> [Activity]: Repeat exactly the line that contains "Depicting the scene 5.6 s after image 1." and every line after it, down to the last line of the entries below. Do not include pictures.

(Records from a collection)

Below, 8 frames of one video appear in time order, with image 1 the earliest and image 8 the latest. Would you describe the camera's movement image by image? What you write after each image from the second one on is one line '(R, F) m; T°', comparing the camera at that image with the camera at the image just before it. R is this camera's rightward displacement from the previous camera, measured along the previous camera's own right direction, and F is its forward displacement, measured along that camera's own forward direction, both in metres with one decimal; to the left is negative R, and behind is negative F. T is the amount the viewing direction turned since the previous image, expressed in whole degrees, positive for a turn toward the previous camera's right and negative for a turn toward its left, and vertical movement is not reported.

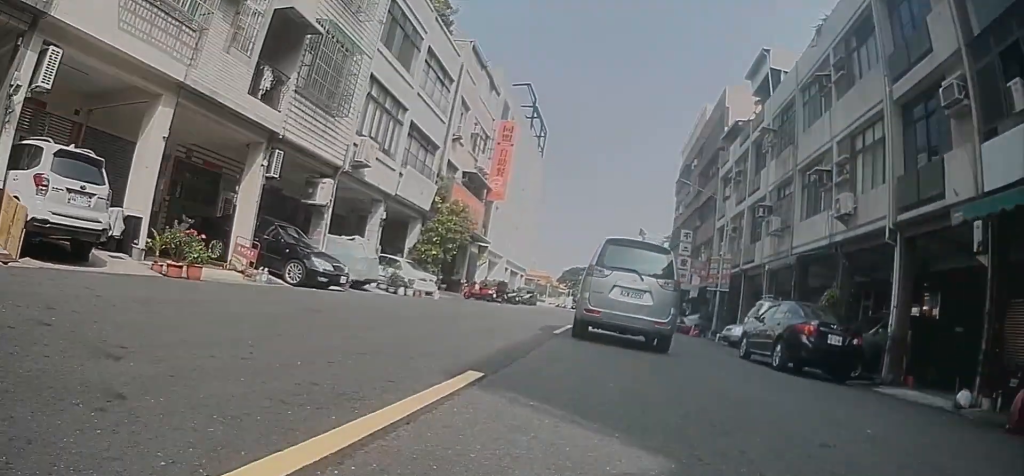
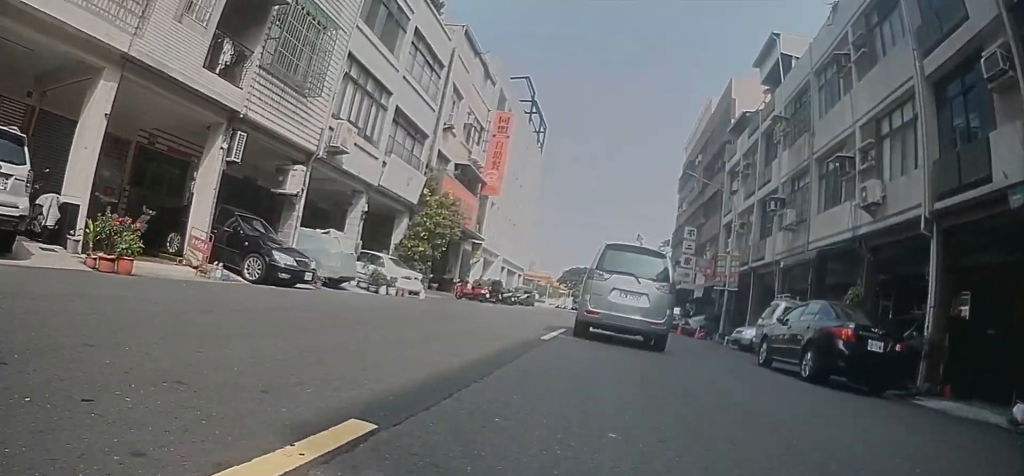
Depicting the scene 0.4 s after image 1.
(+0.1, +1.7) m; +1°
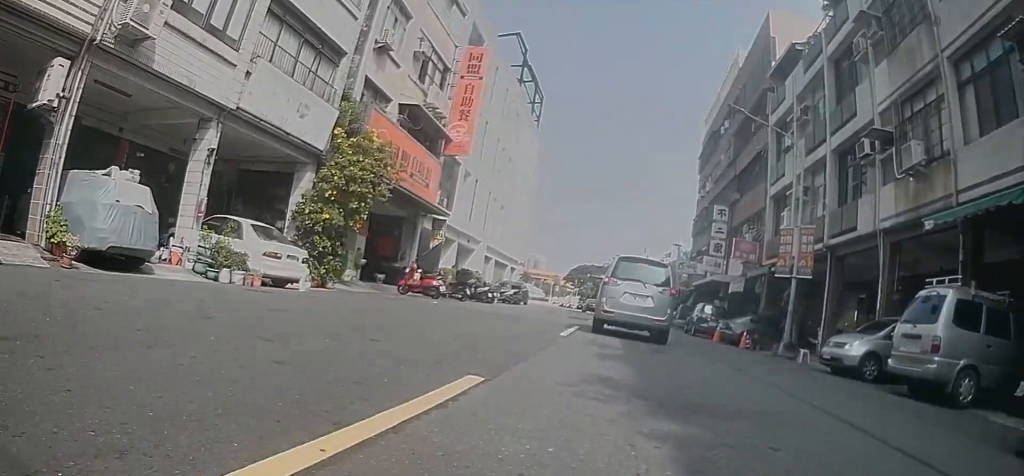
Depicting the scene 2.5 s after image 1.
(-0.2, +8.2) m; -3°
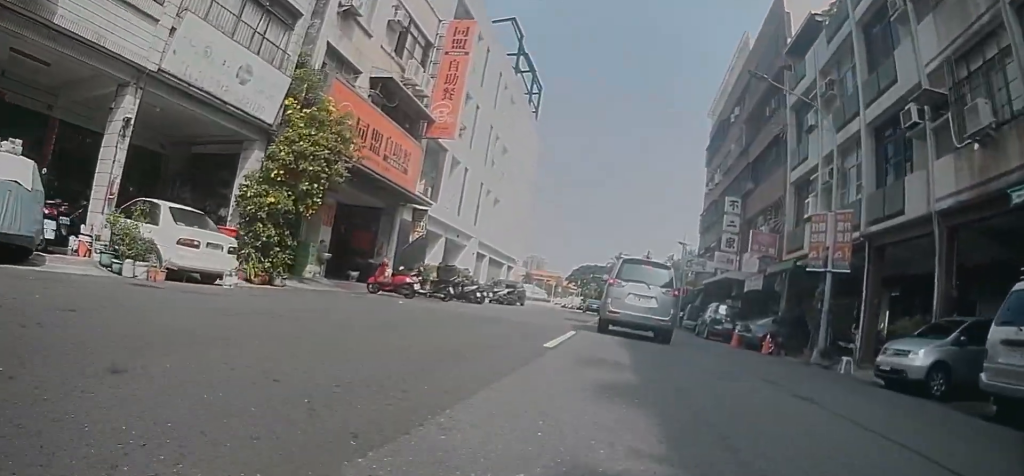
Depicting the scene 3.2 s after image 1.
(0.0, +2.6) m; 0°
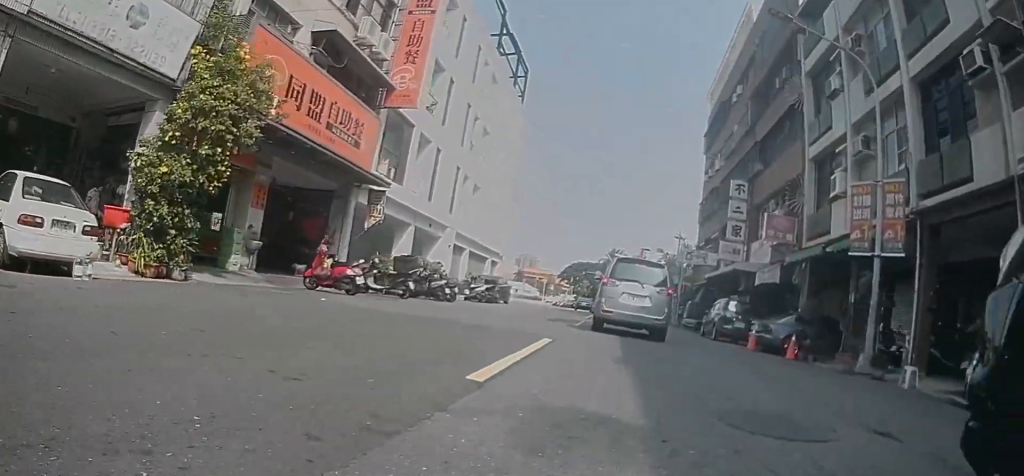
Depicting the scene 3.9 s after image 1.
(0.0, +3.0) m; 0°
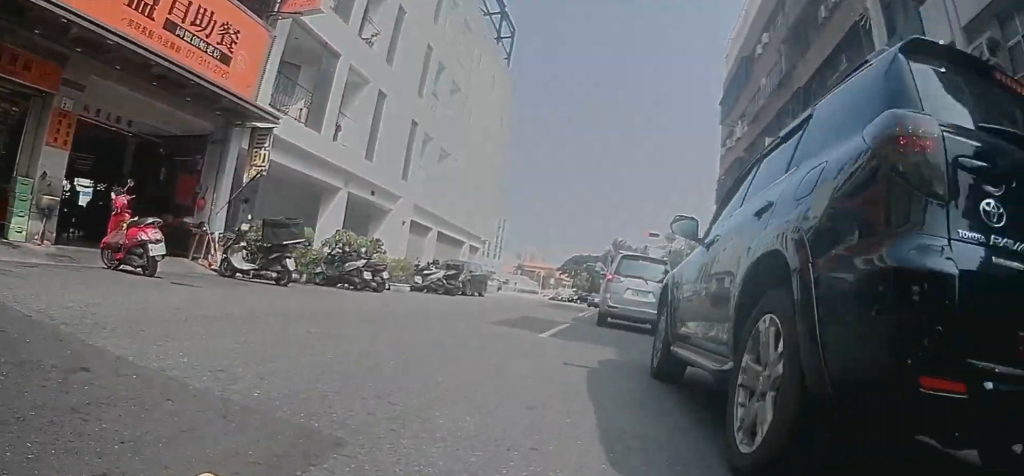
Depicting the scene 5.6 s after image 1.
(0.0, +7.1) m; 0°
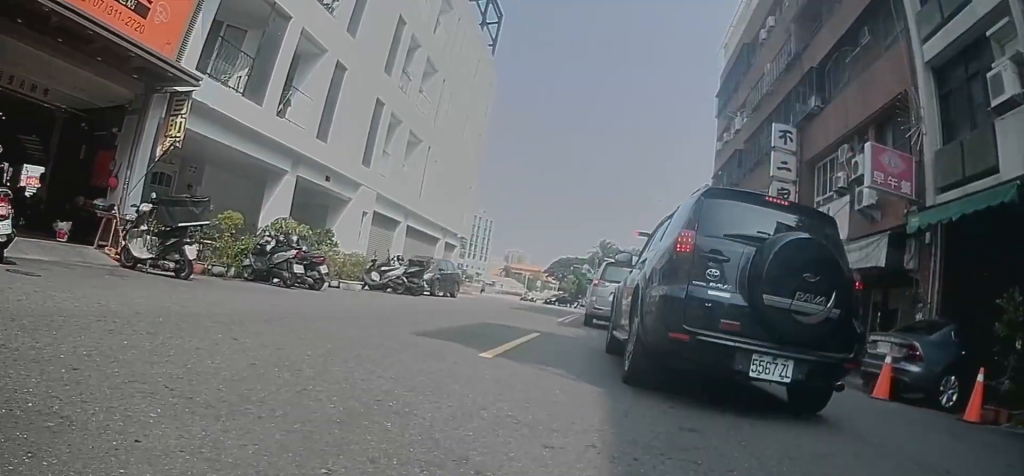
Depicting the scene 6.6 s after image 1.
(0.0, +3.8) m; -1°
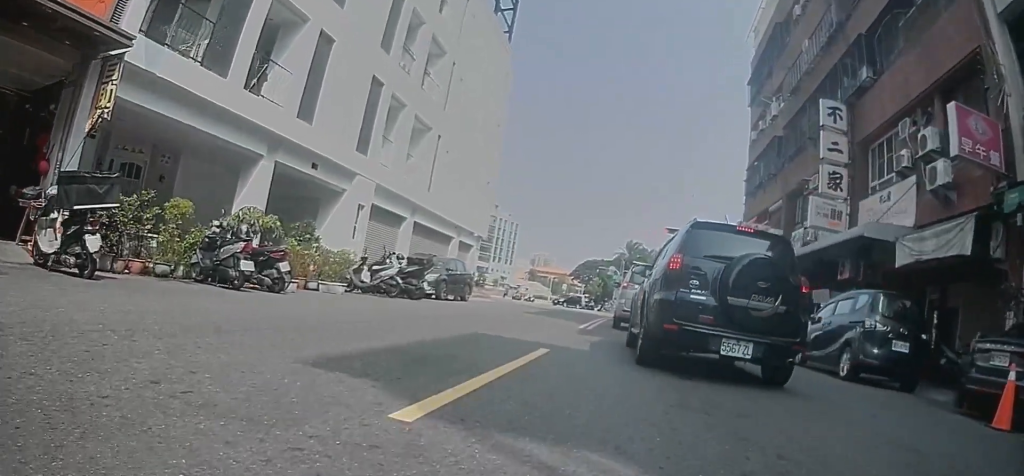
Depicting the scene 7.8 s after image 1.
(-0.1, +2.6) m; -1°

> [Reply]:
Depicting the scene 5.6 s after image 1.
(0.0, +7.1) m; 0°
Depicting the scene 6.6 s after image 1.
(0.0, +3.8) m; -1°
Depicting the scene 7.8 s after image 1.
(-0.1, +2.6) m; -1°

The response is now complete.